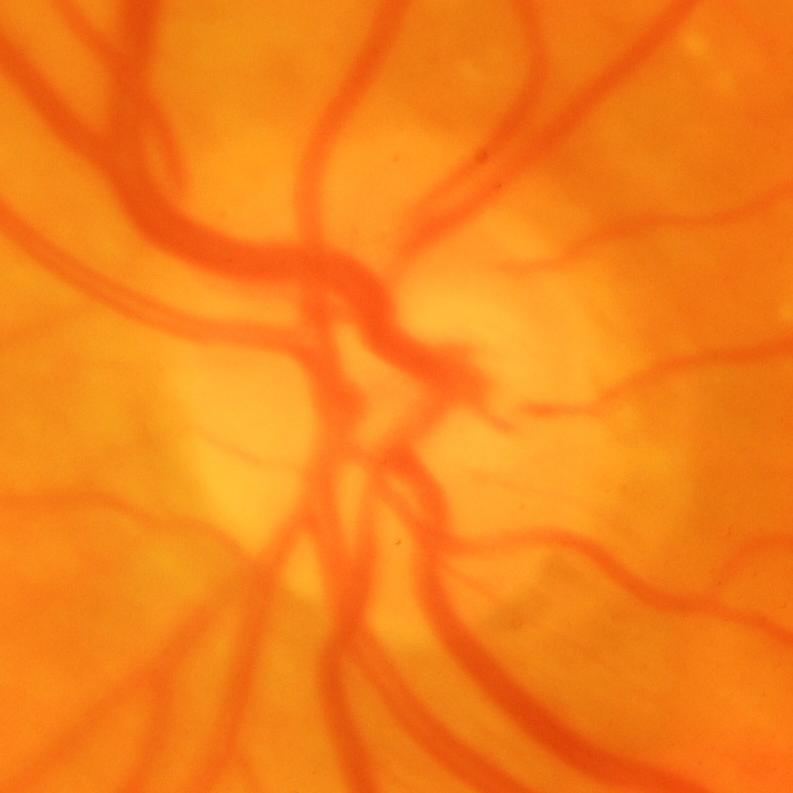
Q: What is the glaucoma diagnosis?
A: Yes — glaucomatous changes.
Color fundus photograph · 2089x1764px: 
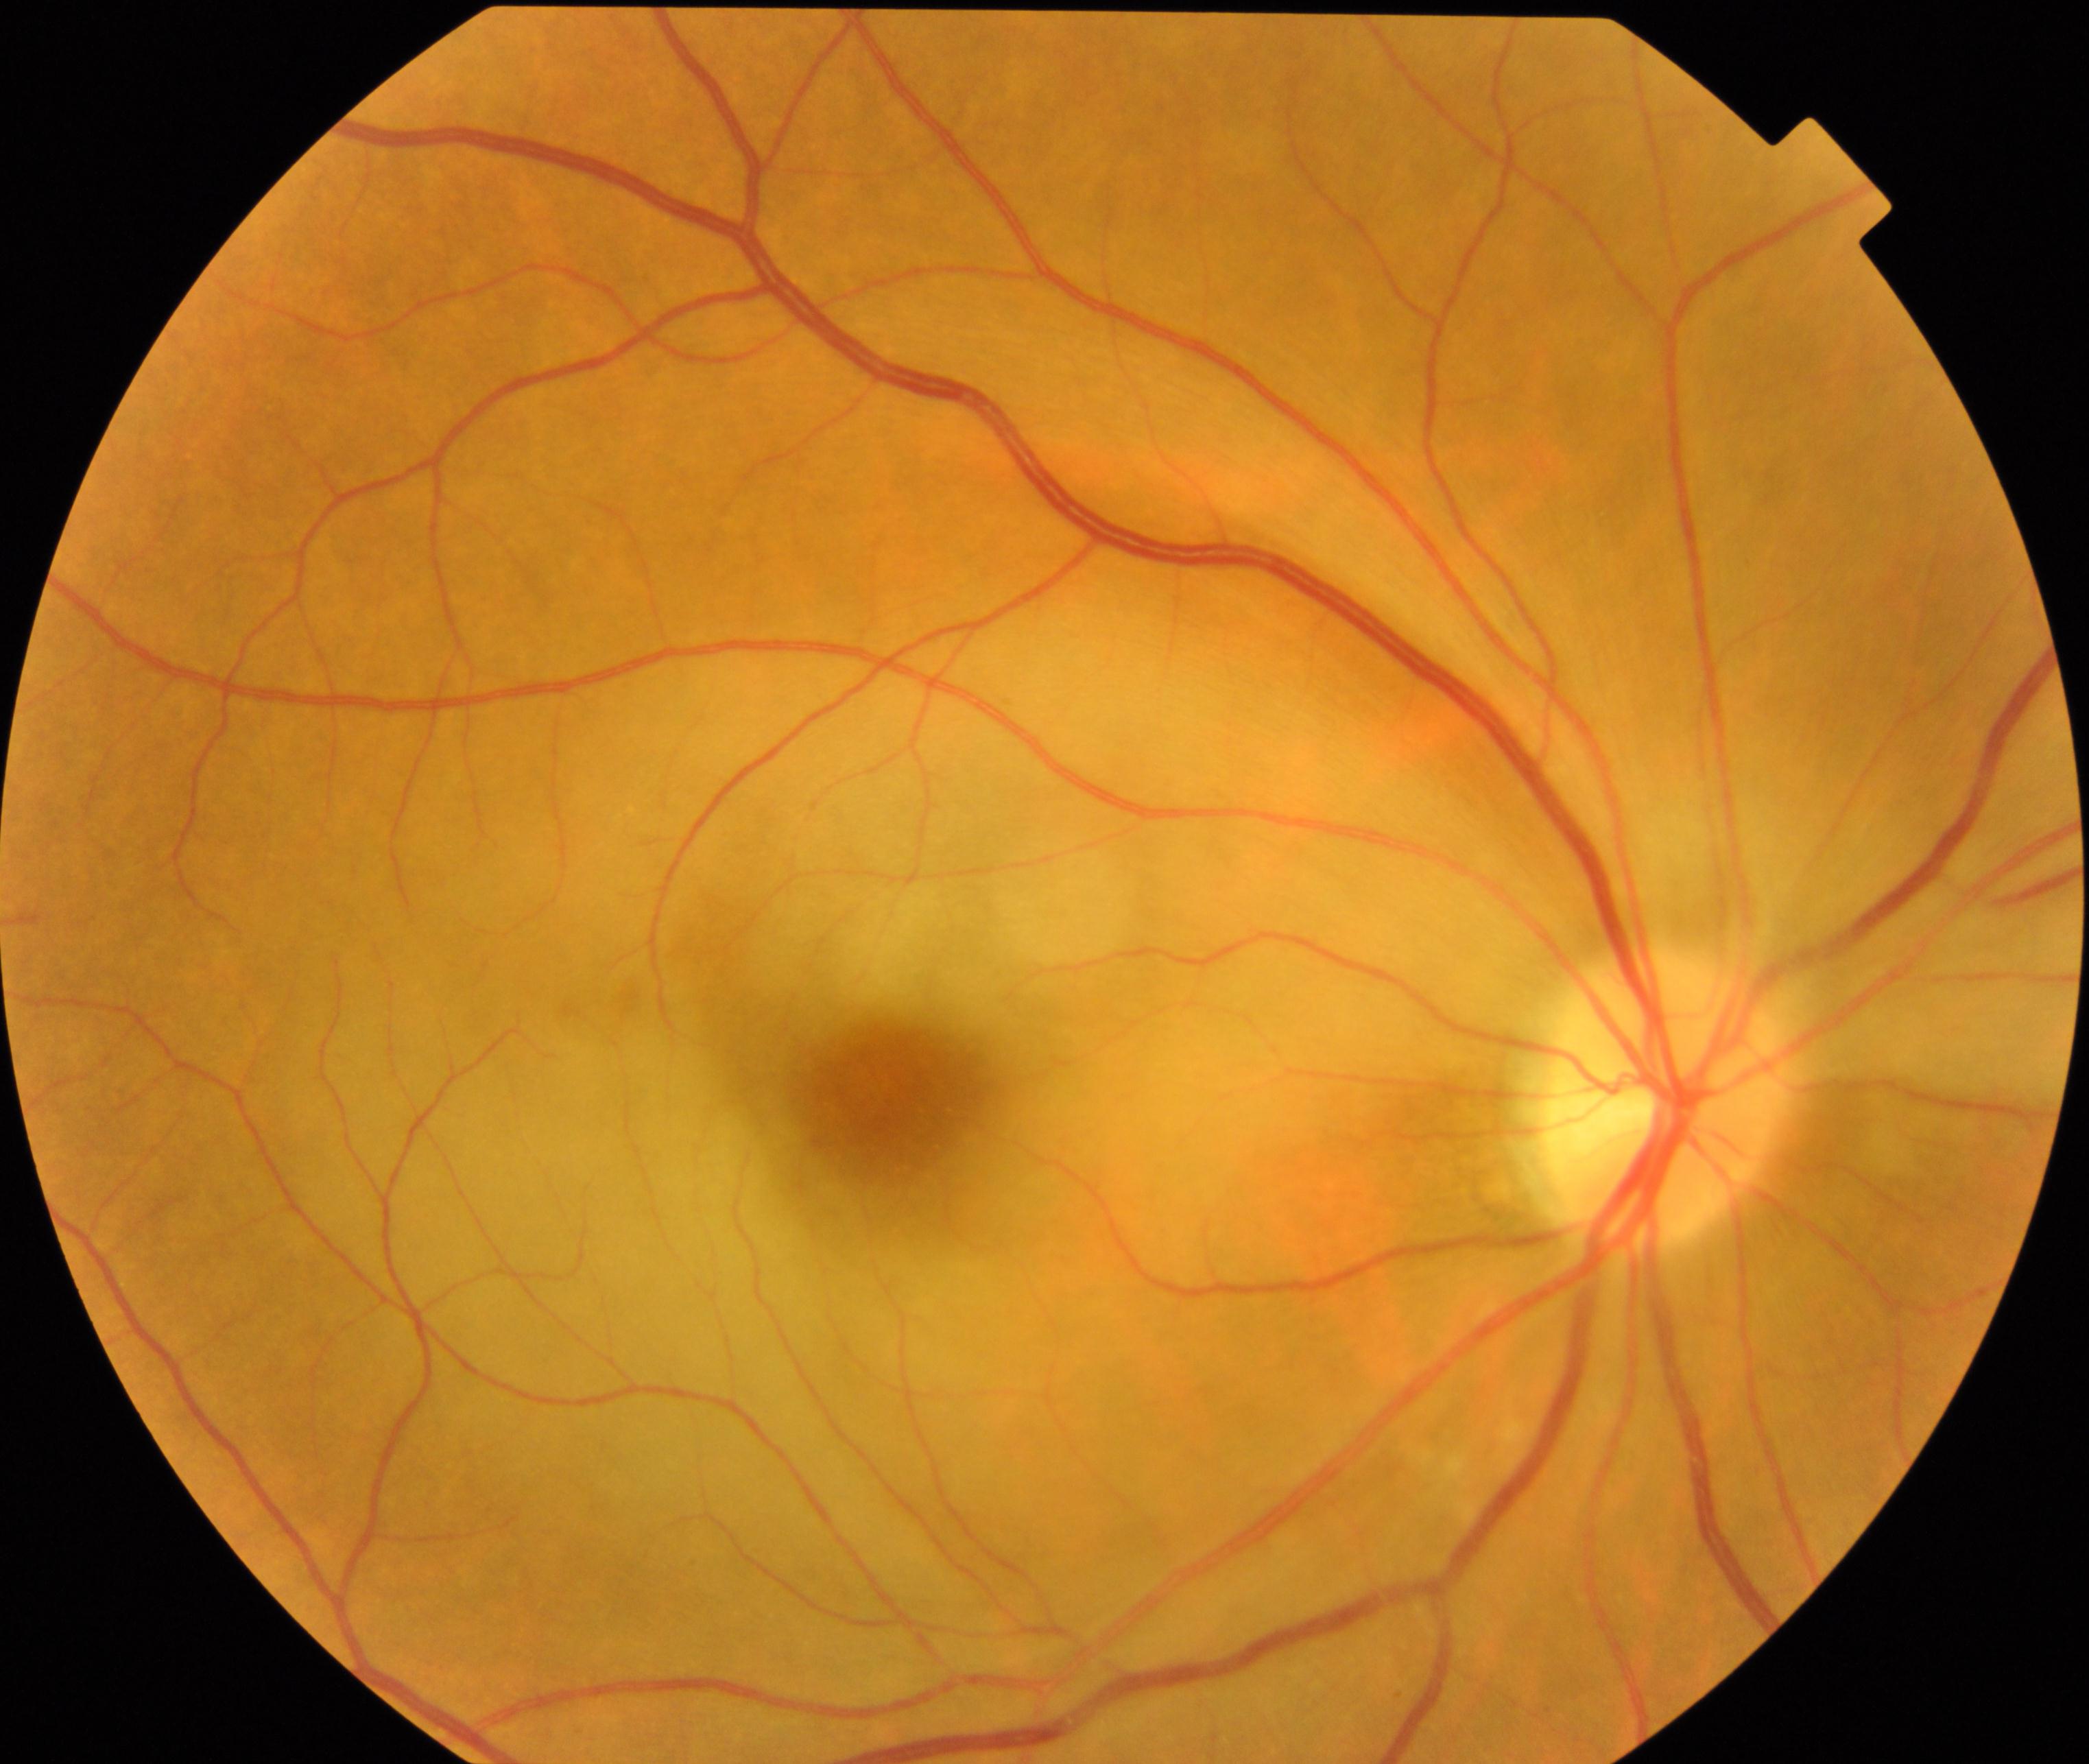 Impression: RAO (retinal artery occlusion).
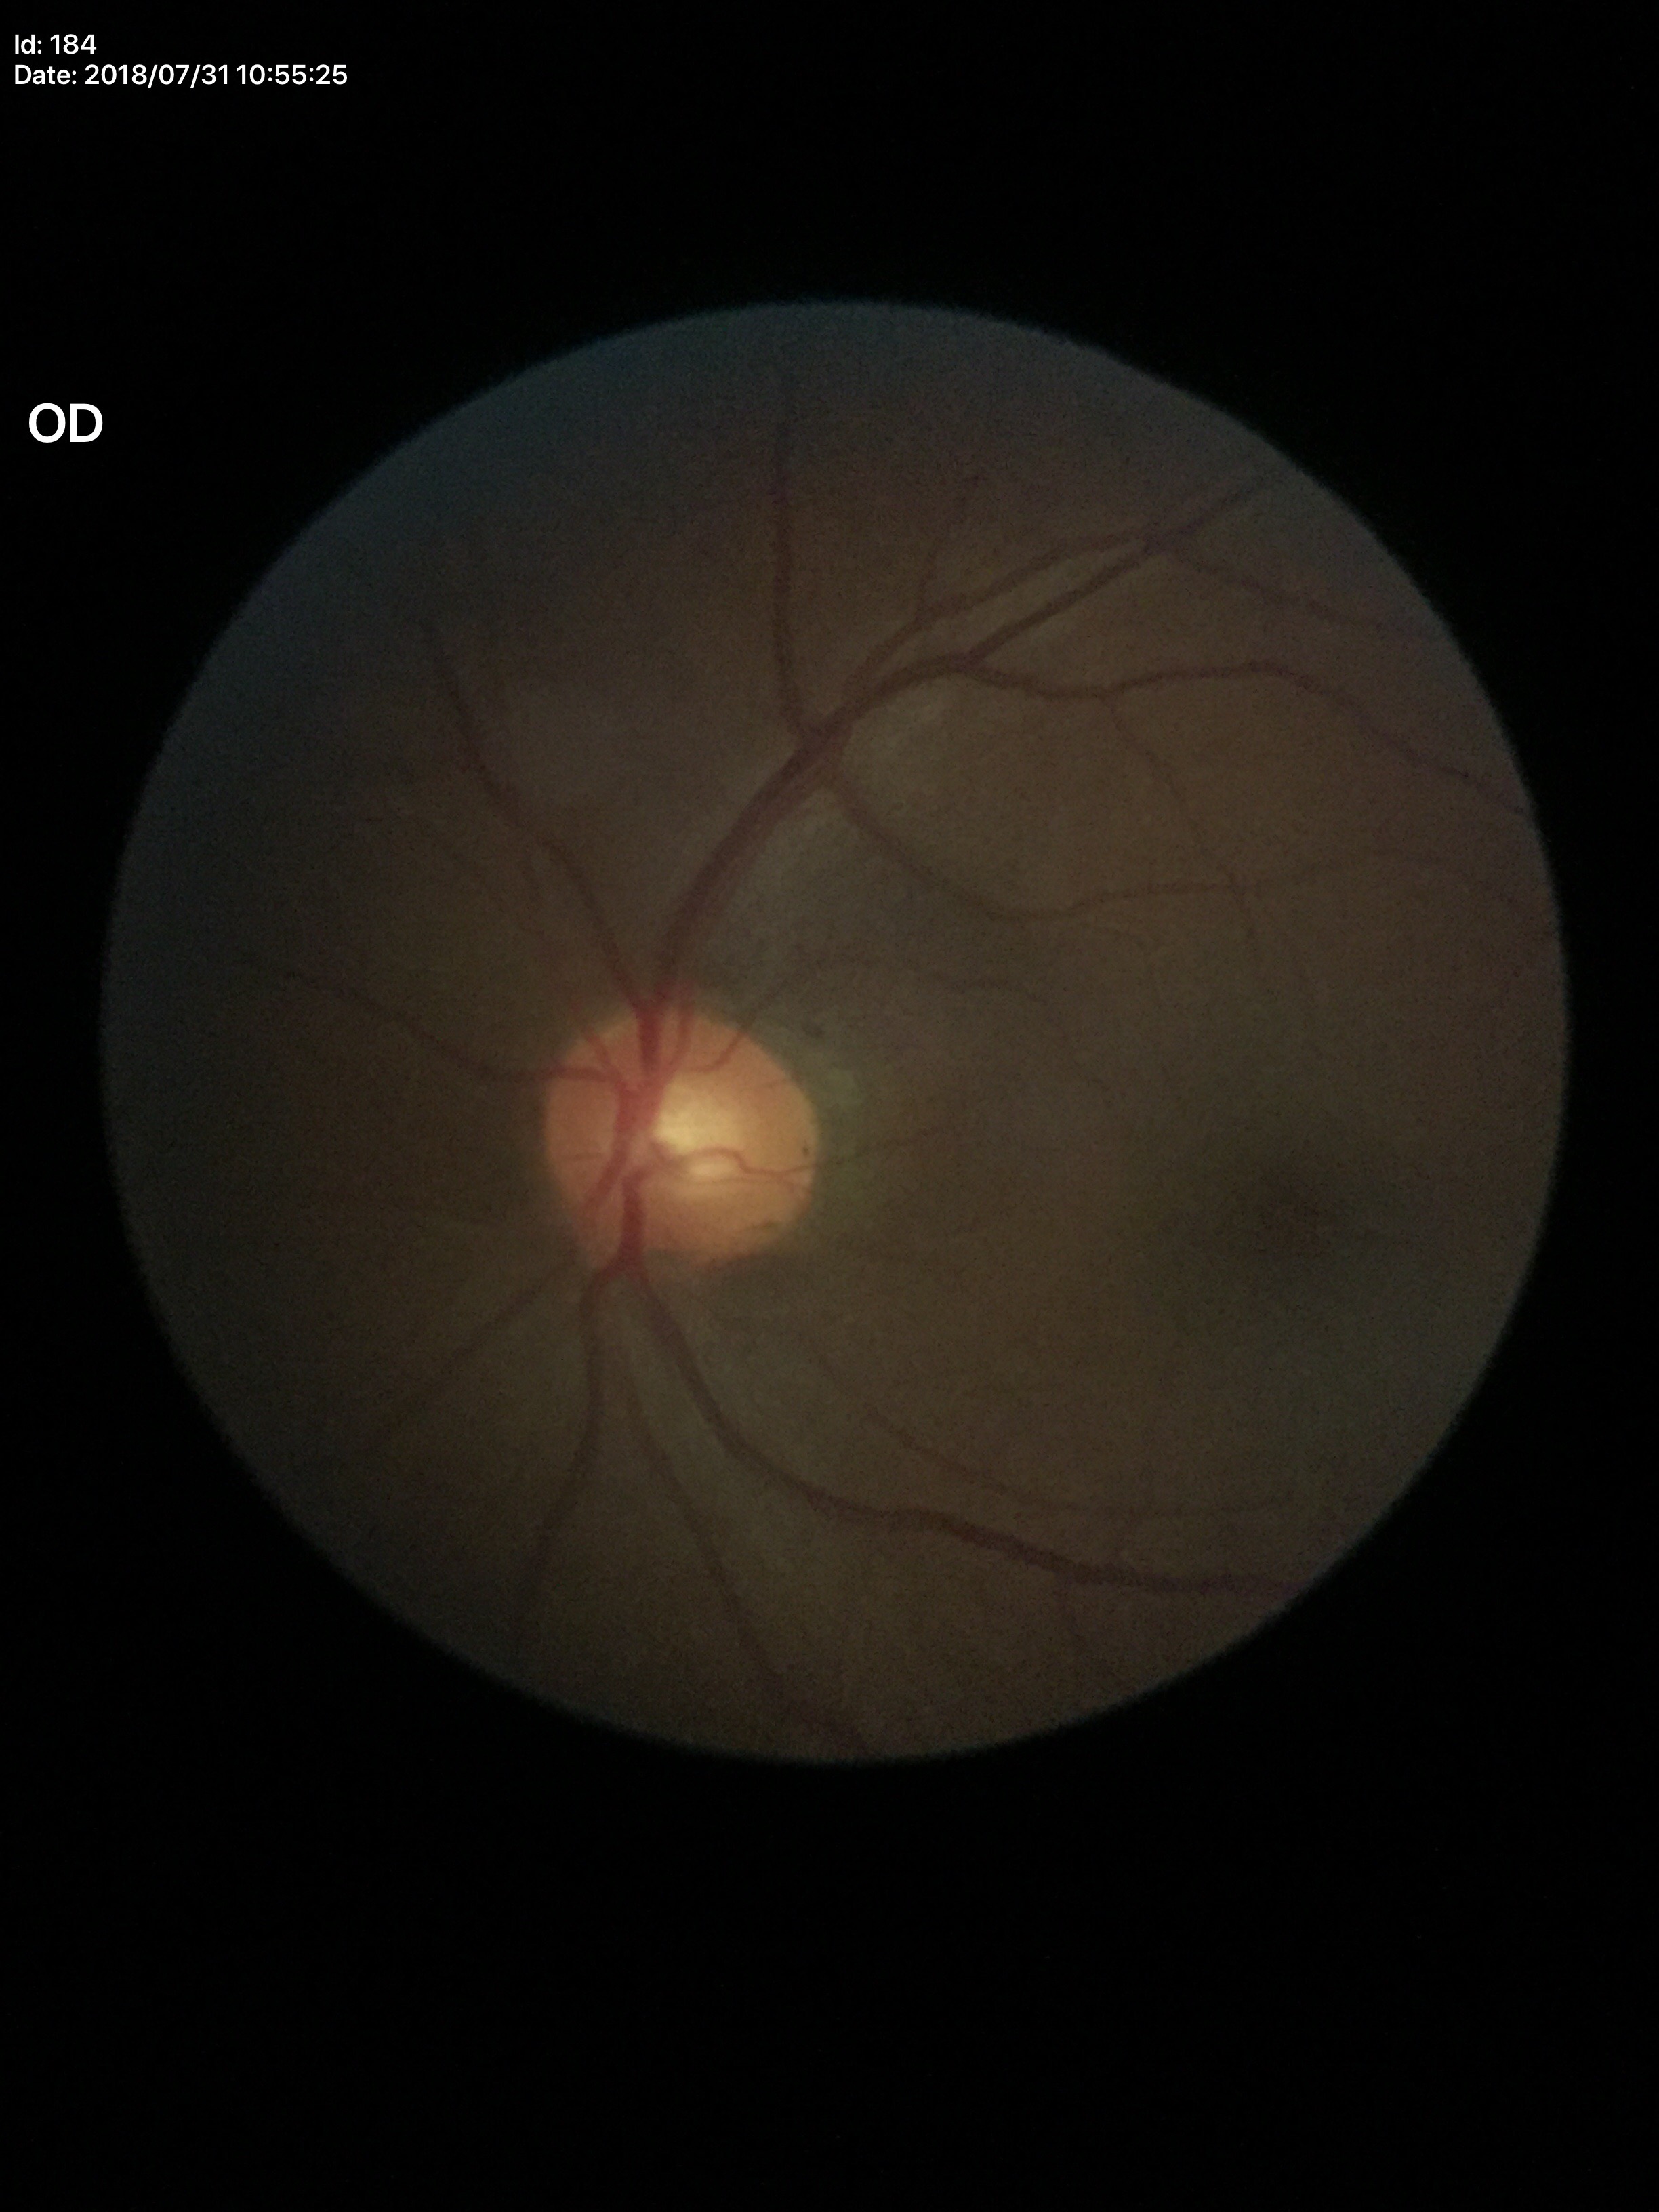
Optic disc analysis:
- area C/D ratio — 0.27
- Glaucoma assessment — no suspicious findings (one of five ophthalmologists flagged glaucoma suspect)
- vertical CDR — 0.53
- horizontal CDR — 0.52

····················

--- PROBLEM REQUIREMENTS ---
Give the records again without a single change, and exclude the pictures.

--- EXERCISE SOLUTION ---
Q: What is the glaucoma diagnosis?
A: Yes — glaucomatous changes.
Color fundus photograph · 2089x1764px: 
 Impression: RAO (retinal artery occlusion).
Optic disc analysis:
- area C/D ratio — 0.27
- Glaucoma assessment — no suspicious findings (one of five ophthalmologists flagged glaucoma suspect)
- vertical CDR — 0.53
- horizontal CDR — 0.52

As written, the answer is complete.